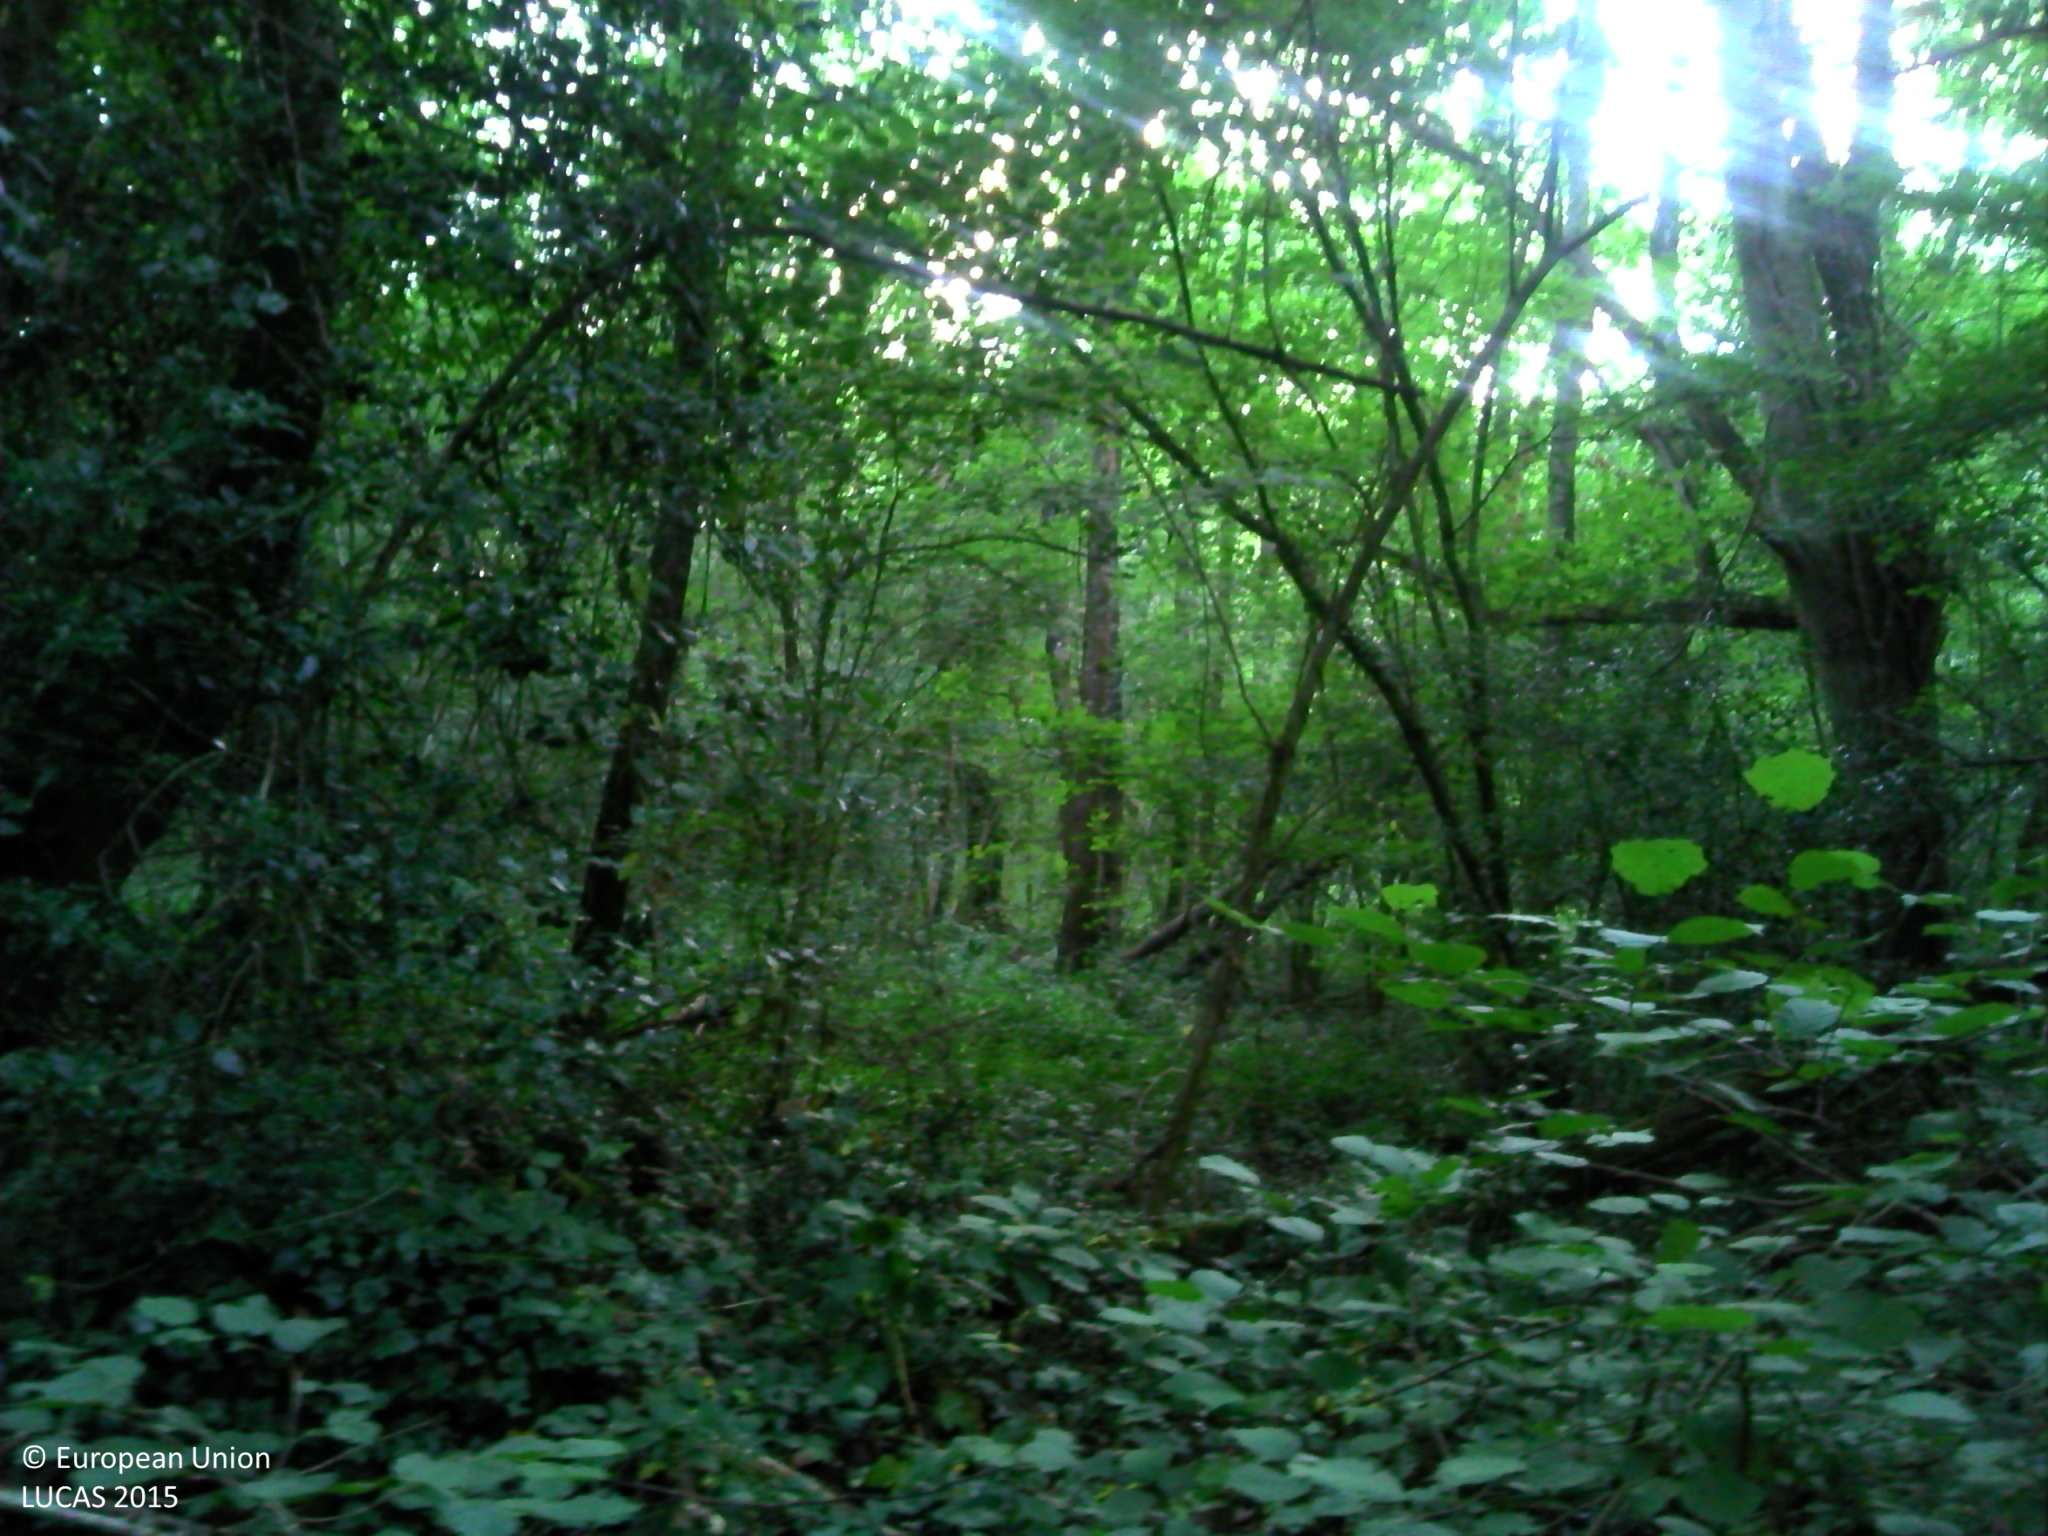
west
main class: Woodland
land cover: Broadleaved woodland
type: thermophilous deciduous forest
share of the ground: > 75 %
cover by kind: broadleaved forest trees 90 %, shrubs 5 %, herbaceous plants 5 %
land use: Forestry
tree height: > 5 m
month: August
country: FR
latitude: 43.3576
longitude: -1.0561
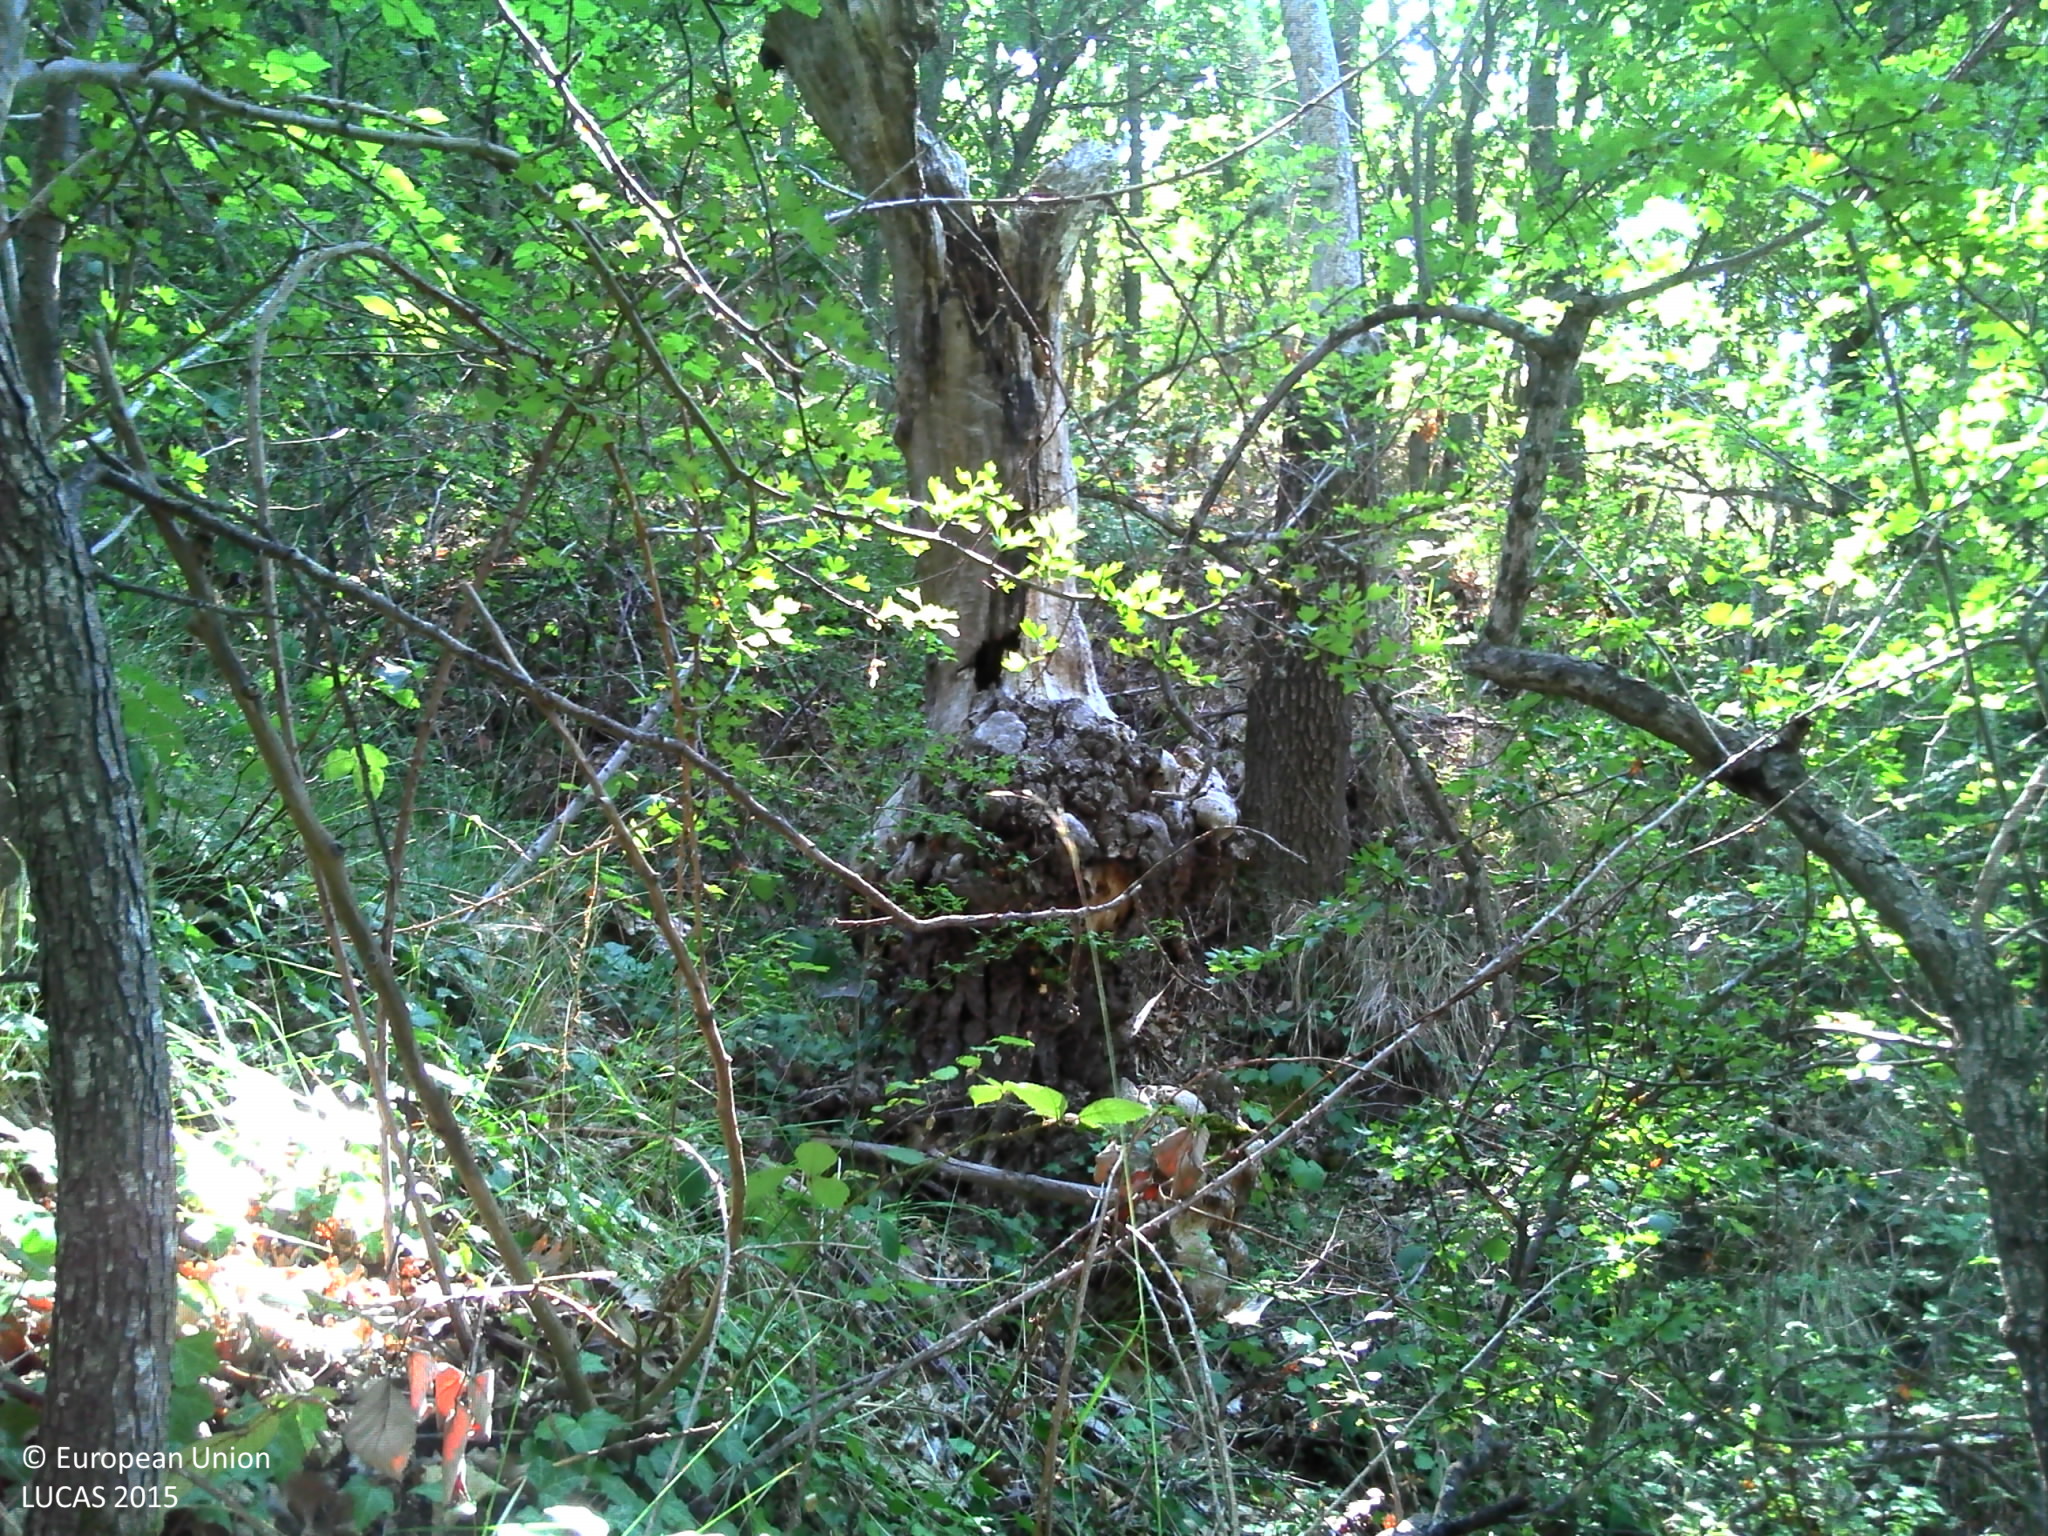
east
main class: Woodland
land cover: Broadleaved woodland
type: acidophilous oak and oak-birch forest
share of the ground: 50 - 75 %
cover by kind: broadleaved forest trees 60 %, herbaceous plants 30 %, unconsolidated bare surface 10 %
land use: Forestry
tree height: > 5 m
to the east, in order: Broadleaved woodland; Grassland with sparse tree/shrub cover; Abandoned hedges; Grassland with sparse tree/shrub cover; Broadleaved woodland
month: August
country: FR
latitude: 45.6017
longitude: 3.0642
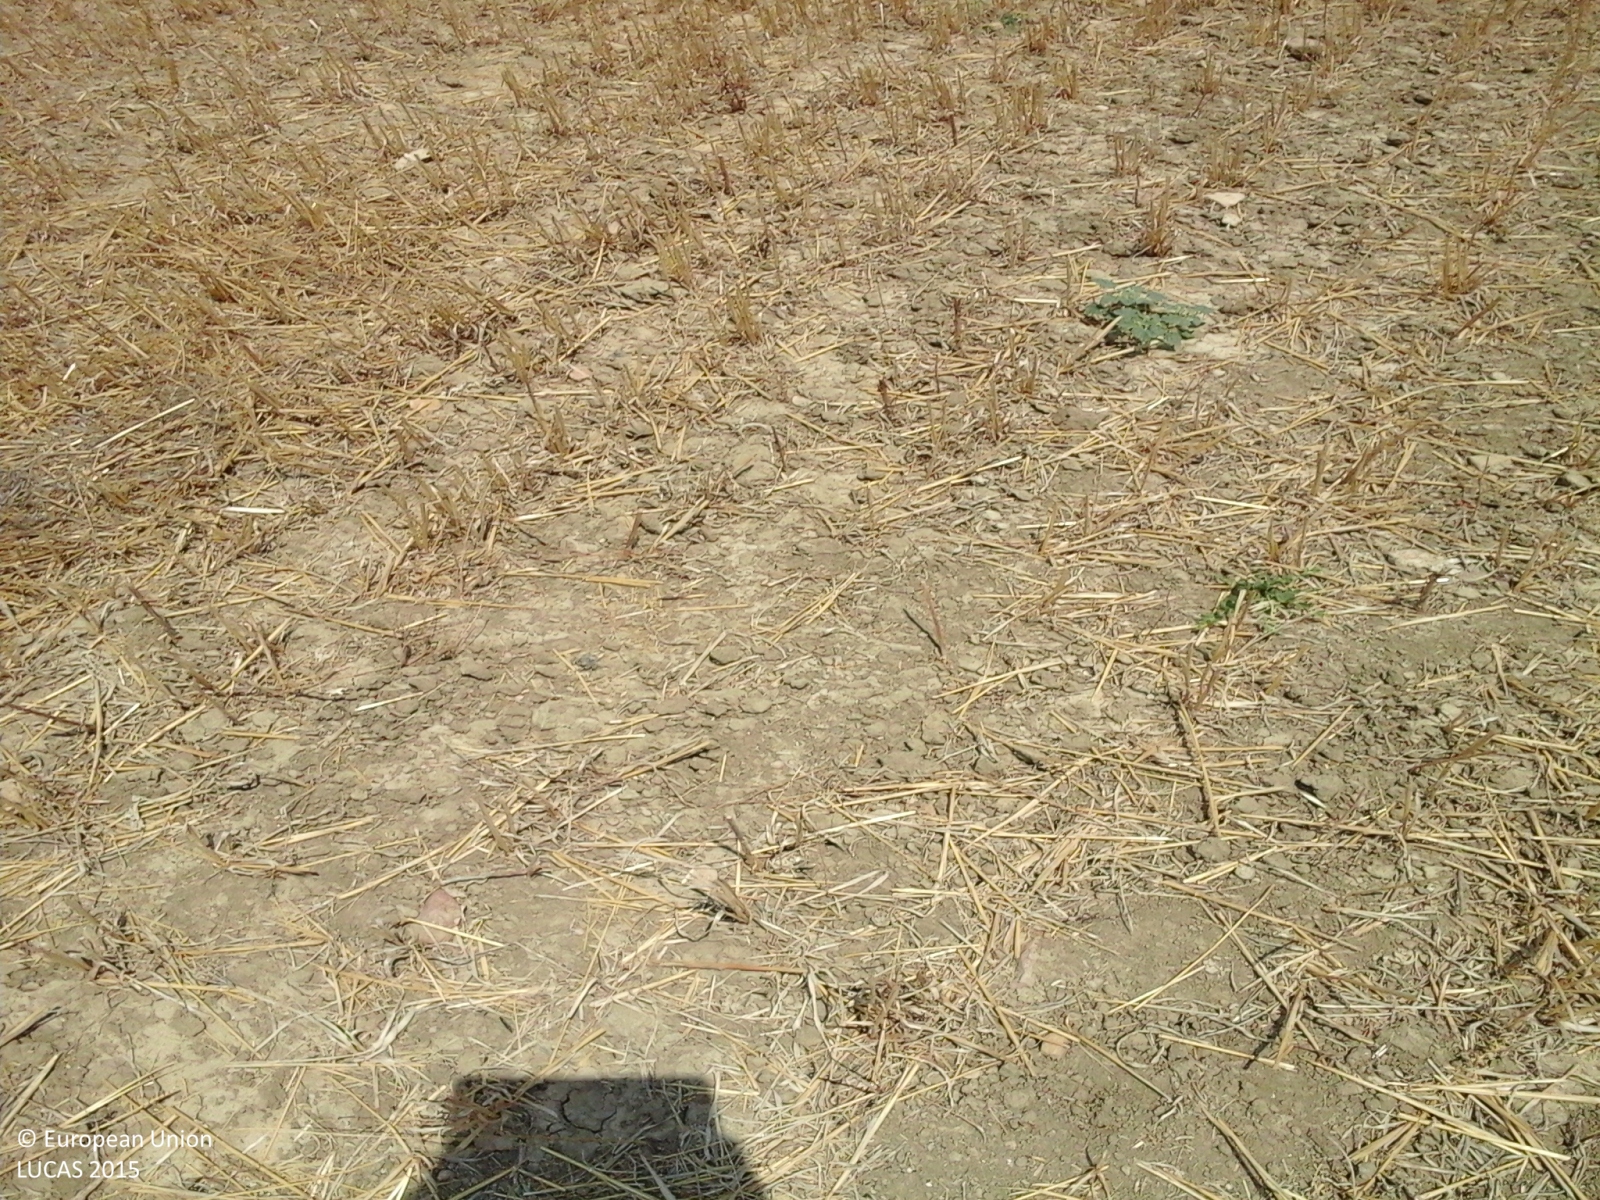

+ + + +

**ACTION ITEM**
All the lines above are to be reproduced exactly, except the pictures.

**EXERCISE RESULT**
west
main class: Woodland
land cover: Broadleaved woodland
type: thermophilous deciduous forest
share of the ground: > 75 %
cover by kind: broadleaved forest trees 90 %, shrubs 5 %, herbaceous plants 5 %
land use: Forestry
tree height: > 5 m
month: August
country: FR
latitude: 43.3576
longitude: -1.0561
east
main class: Woodland
land cover: Broadleaved woodland
type: acidophilous oak and oak-birch forest
share of the ground: 50 - 75 %
cover by kind: broadleaved forest trees 60 %, herbaceous plants 30 %, unconsolidated bare surface 10 %
land use: Forestry
tree height: > 5 m
to the east, in order: Broadleaved woodland; Grassland with sparse tree/shrub cover; Abandoned hedges; Grassland with sparse tree/shrub cover; Broadleaved woodland
month: August
country: FR
latitude: 45.6017
longitude: 3.0642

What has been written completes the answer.